Матвей резко обернулся и уставился на Снежанку.
– Кто напал? – не понял он.
– Что-то сверхъестественное. Вещи стали нападать сами по себе, сначала веник, потом палка. И никакого человека я при этом не видела, – стала объяснять Снежана, показывая покрытые синяками руки. – Если бы не Марьяна, меня бы убило, наверное.
И тогда Матвей почувствовал злость. Невероятную злость на Соломию и ее мерзкого отца, которые никак не могут успокоиться. Зачем мстить еще и Снежане? Она здесь при чем?
И как это Нечто, управляющее вениками и палками, смогло проникнуть в его дом?
– Скарбник! – закричал Матвей, оглядываясь. – Иди сюда, кот!
Скарбник возник сразу, как будто ждал, когда позовут.
– Кто сюда проник? – спросил его Матвей, не сдерживая ярости.
– А что вы занесли в дом? Ну-ка, подумай, правнук Ведьмака! Что вы занесли в дом такого, что когда-то принадлежало врагу? Ты ведь знаешь, кто ваш враг! Теперь знаешь!
– Ничего. Ничего такого.
– Ты не думаешь. Ты говоришь и совершенно не думаешь, – промурлыкал кот, и его желтые глаза-монеты предупреждающе сверкнули. – В доме была заколдованная вещь, которая и открыла дверь духам.
Матвей кинулся в коридор, огляделся, и взгляд его наткнулся на реферат Мирославы, на главной странице которого красовалась широкая и разлапистая подпись Каролины Григорьевны.
– Молодец, – промурлыкал за спиной кот. – Сообразил. Всегда знай, кто твой враг, и не вноси в дом ничего от врага.
Матвей схватил реферат, кинулся вниз, в дедову мастерскую, и бросил бумаги в печь. Чиркнул спичкой, и листы занялись, вспыхнули зеленым вонючим пламенем. Впрочем, сгорело это колдовство быстро.

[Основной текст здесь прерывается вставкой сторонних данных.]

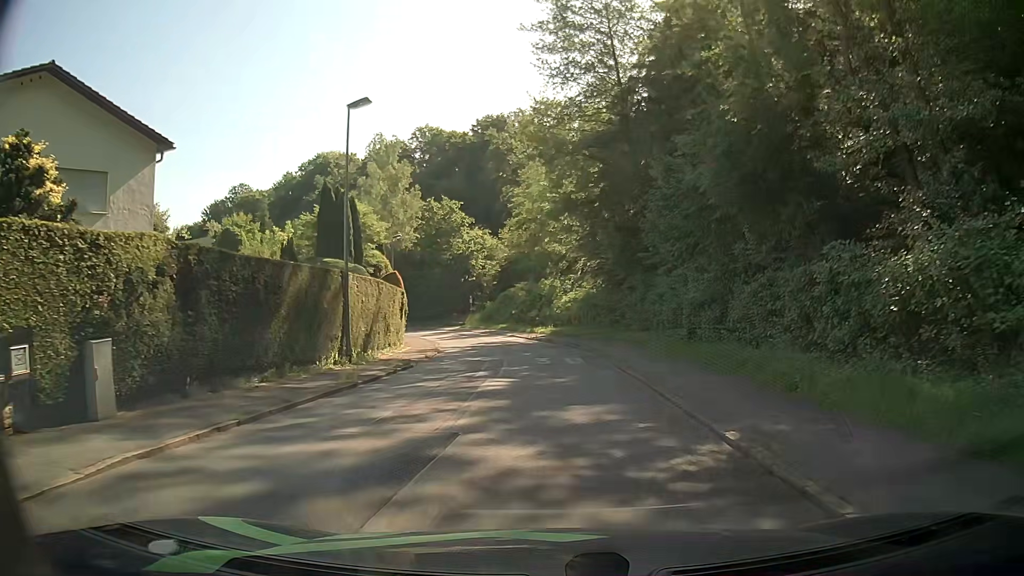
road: residential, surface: asphalt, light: Day
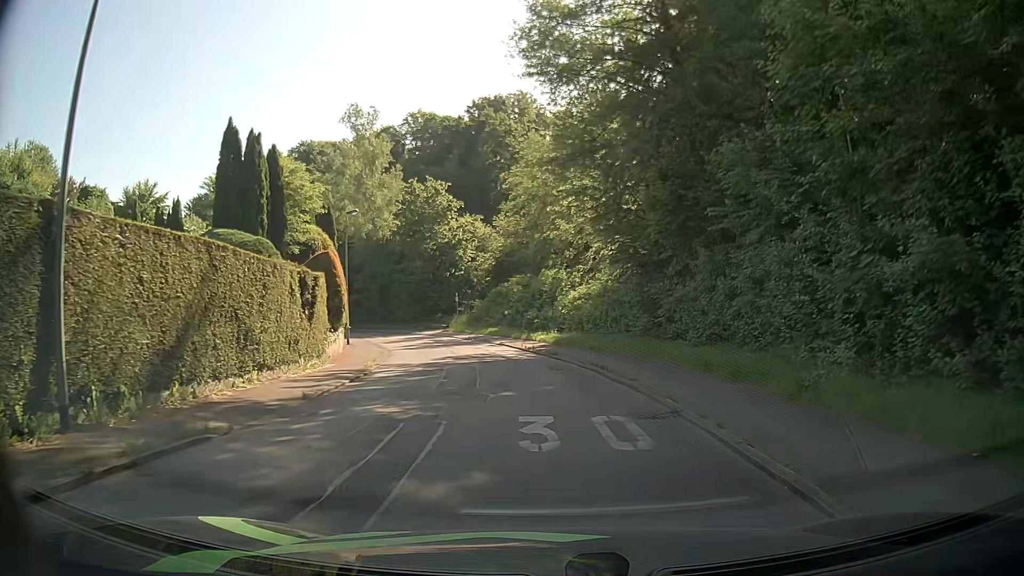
(0.0, +13.3) m; 0°
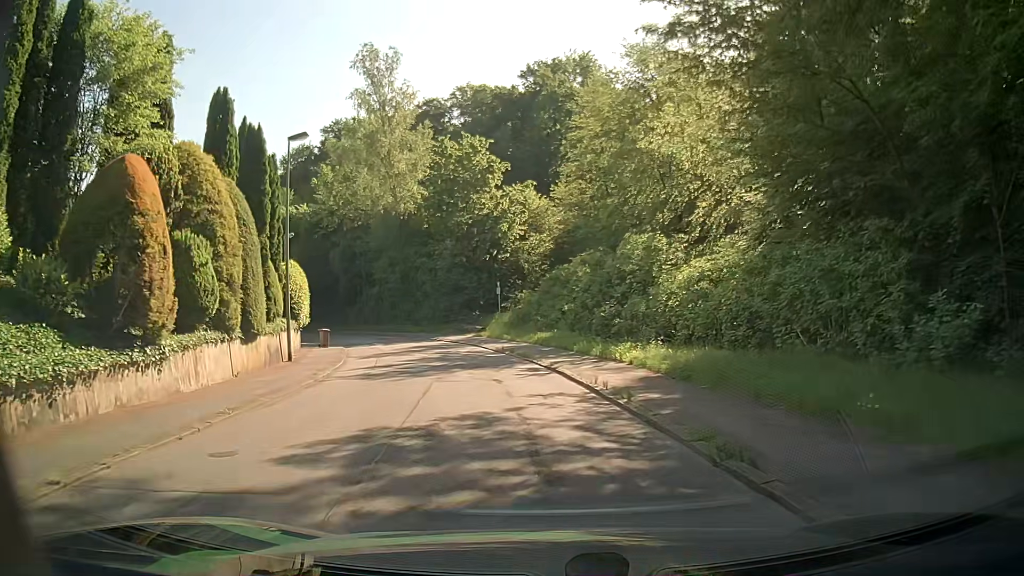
(-0.6, +18.1) m; -5°
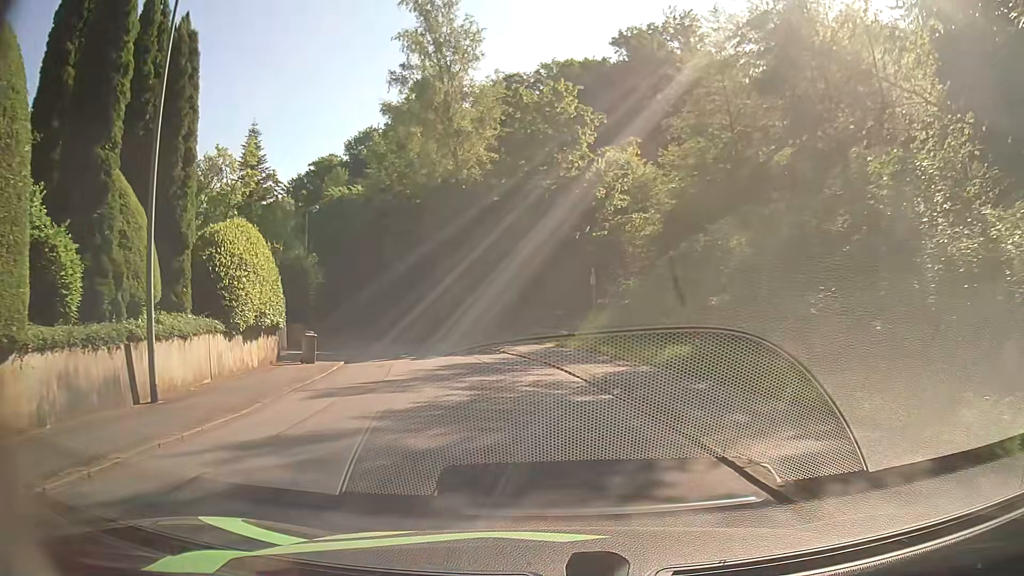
(-0.9, +13.6) m; -8°
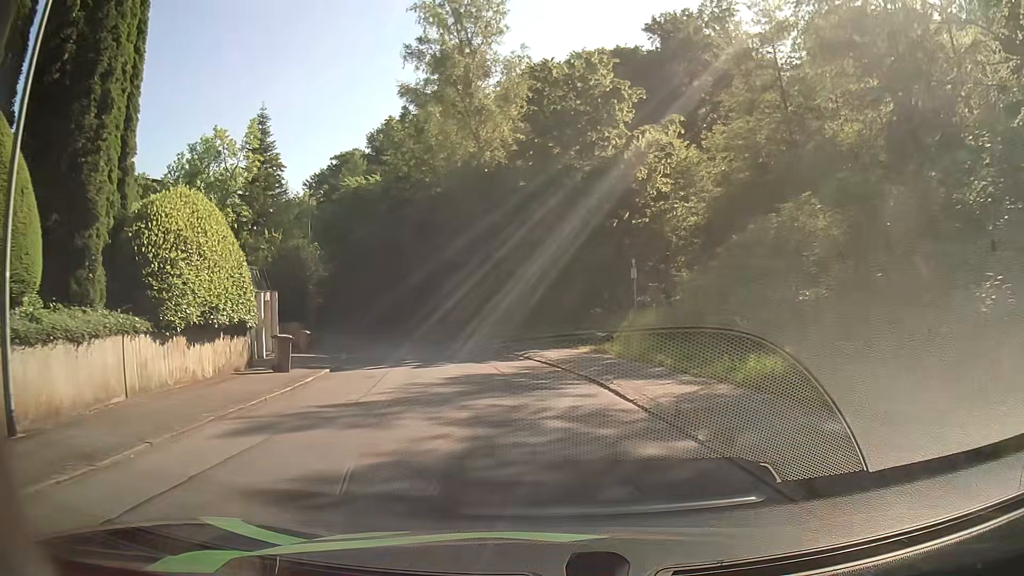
(-0.1, +4.6) m; -3°
(0, +10) (-2, +20) (-4, +30) (-7, +39) (-11, +48) (-16, +57) (-22, +65) (-28, +73) (-34, +81) (-41, +88) m

Матвей замер у догорающего пепла в устье печи, и взгляд его упал на маленькую прозрачную бутылочку, которую сам он поставил сюда еще прошлым утром. Ту самую бутылочку, что доставил петух Марыси Данилевской. Деревянная пробка легко выскочила из горлышка. На вкус жидкость оказалось горькой и неприятной, чувствовался спирт в составе. Матвей выпил до дна.
Теперь оставалось только надеяться, что он найдет Желанную.
Глава шестая. Мирослава
Ладони все еще пахли горечью пожара, и влажные салфетки никак не могли оттереть с них кровь Павла и Назара. Мне казалось, что я вытрясла все салфетки из пачки, пытаясь отчистить руки.